The poetry and fiction partake of a trend that has come to fruition in post-apocalyptic YA novels and movies. I would call the gentler MAR mode post-apple-pie-America or maybe post-middle class life. In “In the Century of Fumes,” Rochelle Hurt writes, “the city was full of tin can men / who cracked their morning / eggs on their foreheads.” The metaphor of urban alienation delivers us at the end to the “pythons inside / those tin can throats.”

That sense of unease and foreboding is only intensified by Matthew Moser Miller’s “Letter to the Monkey Wandering Muskingum County in Need of Medical Attention.” The animals are loose and danger is everywhere in a new world order. Certainly, there is no help for the monkey: “The doctors will not drive rut- / laced dirt roads. We do not even / heal our own.”

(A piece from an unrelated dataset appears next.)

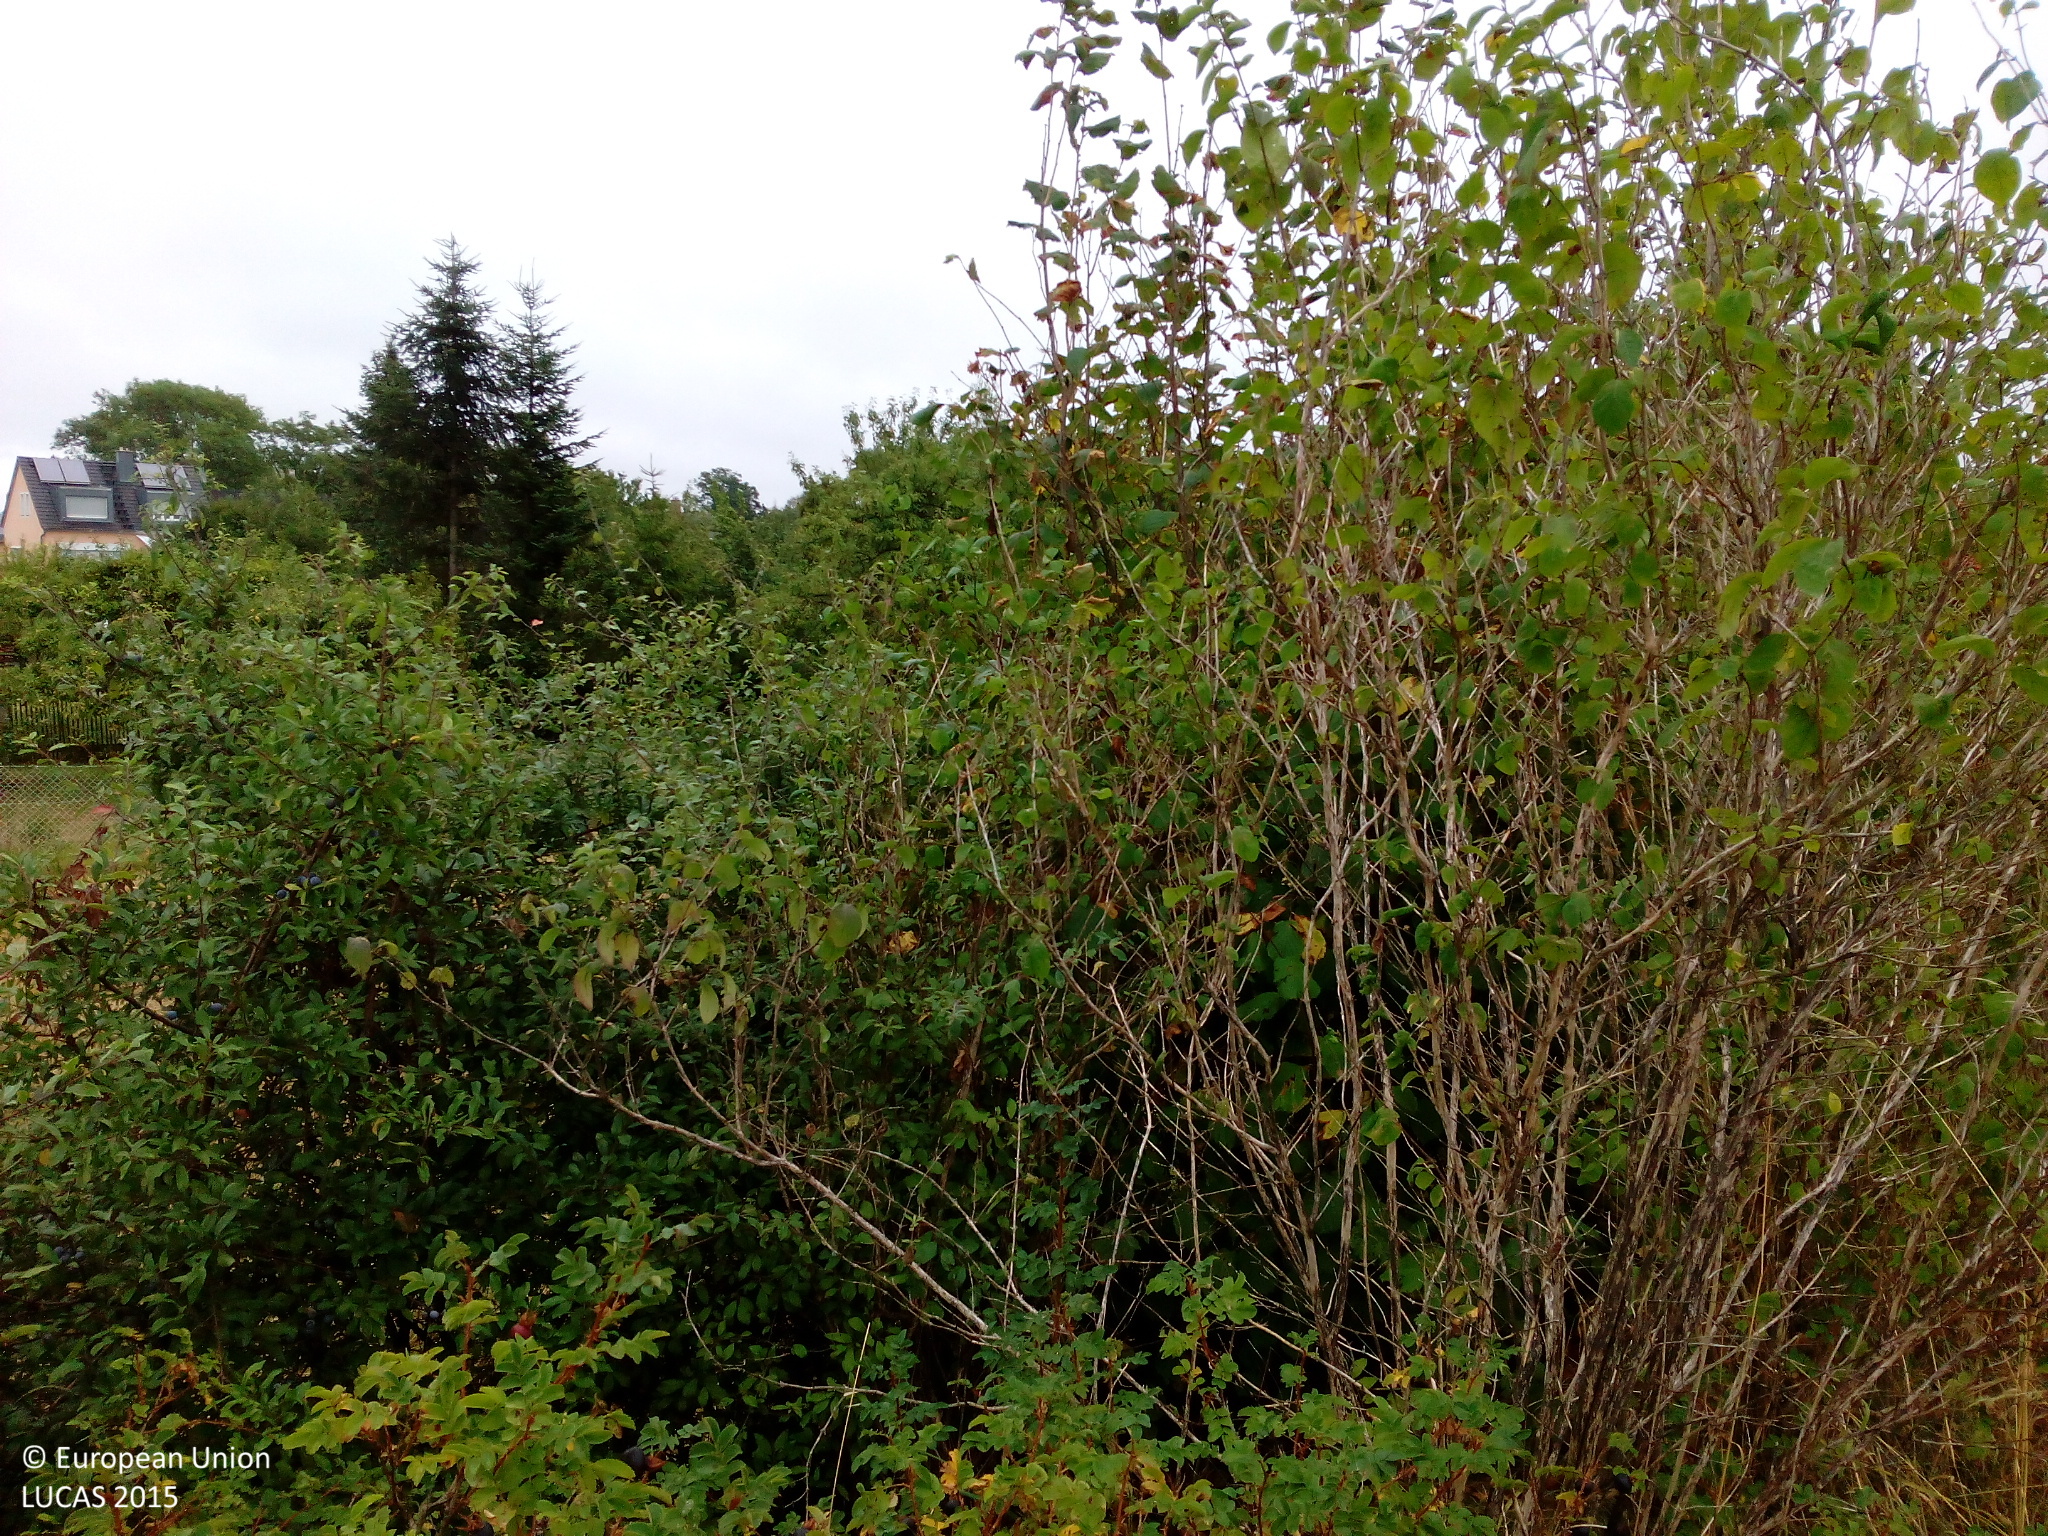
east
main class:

One can run for it, of course. Ryan Habermeyer’s short story, “In Search of Fortune Not Yet Lost,” borrows from fairy tale and fable to tell of a family who disastrously moves to a dead-end dirt road in the middle of a cold nowhere. The first sentence lets us know what we’re in for: “They had heard the rumors not to live beyond the prairie.” In Rose Whitmore’s story, “Avenue of the Giants,” a father, his children, and a stripper on the lam take refuge in a redwood forest. Nature may restore them, but it isn’t going to be easy. Perhaps the origin of all this edginess is to be found in a traditional story like Kawai Strong Washburn’s “Tantalus,” in which today’s vehicle-mad young men can’t help but kill themselves in testosterone-fueled searches for identity; or in the wickedly funny social commentary of Jennifer Murvin’s “What It Was Like to Love Her.” Here a tight group of backbiting women friends lose one of their own to cancer. Their willed shallowness is poignant, universial, and fear-based. For in the end, “it will be as if we never existed, and we will not be missed.”

The chapbook, “Breaking Open Nuts with Teeth of Rain,” contains eight poems by Cuban writer and activist Ernesto Díaz-Rodríguez from his book A Contra Viento (Trafford, 2011), plus translations and an introduction by Ricardo Pau-Llosa. This important work is informed by the twenty-two years Díaz-Rodríguez spent in Cuban prisons, seven in solitary confinement, before his release in 1991. Work arising from such suffering makes everything we comfortably say about the uses of art much more concrete. The surrealism of these poems is not mere word play, or mind play, but an affirmation of poetry as the expression of the inexpressible, in words that cannot be paraphrased. It is also a way to avoid being understood by those who would kill both message and messenger. The most moving poem, “Así Lo Quise Yo” (“I Wanted It That Way”) describes the speaker’s impossibly tiny son:

I wanted it that way
so he could climb up the rainbow
on a silk thread
and run through the ant tunnels
to the very center of the Earth.

. . . . . . . . . . . . . . . . . . .

so no one could ensnare
his path with iron bars.

Perhaps the most wildly original and funny piece is Matthew Gavin Frank’s nonfiction tour-de-force, “A Blow to the Head for St. Louis Barbecue,” in which images circle back to connect with each other in the most surprising juxtapositions, adding up to a quirky view of an American obsession. “Here’s what we know: The pigs’ ribs don’t remind us of the xylophone. Here, there’s no music when, with the sledgehammer, we strike them.” Later, Uncle slaughters a pig and “excises from the pig all the parts that don’t remind us of xylophones.” Through all kinds of refractions, we and the pig are one.

“What We’re Reading” shoehorns in twenty-two signed reviews, mostly of books published by small and university presses. It provides a useful introduction to new writers and writers who should be better known. The type is smaller in this section, so not as comfortable for reading, but allows for many writers and reviewers to be showcased.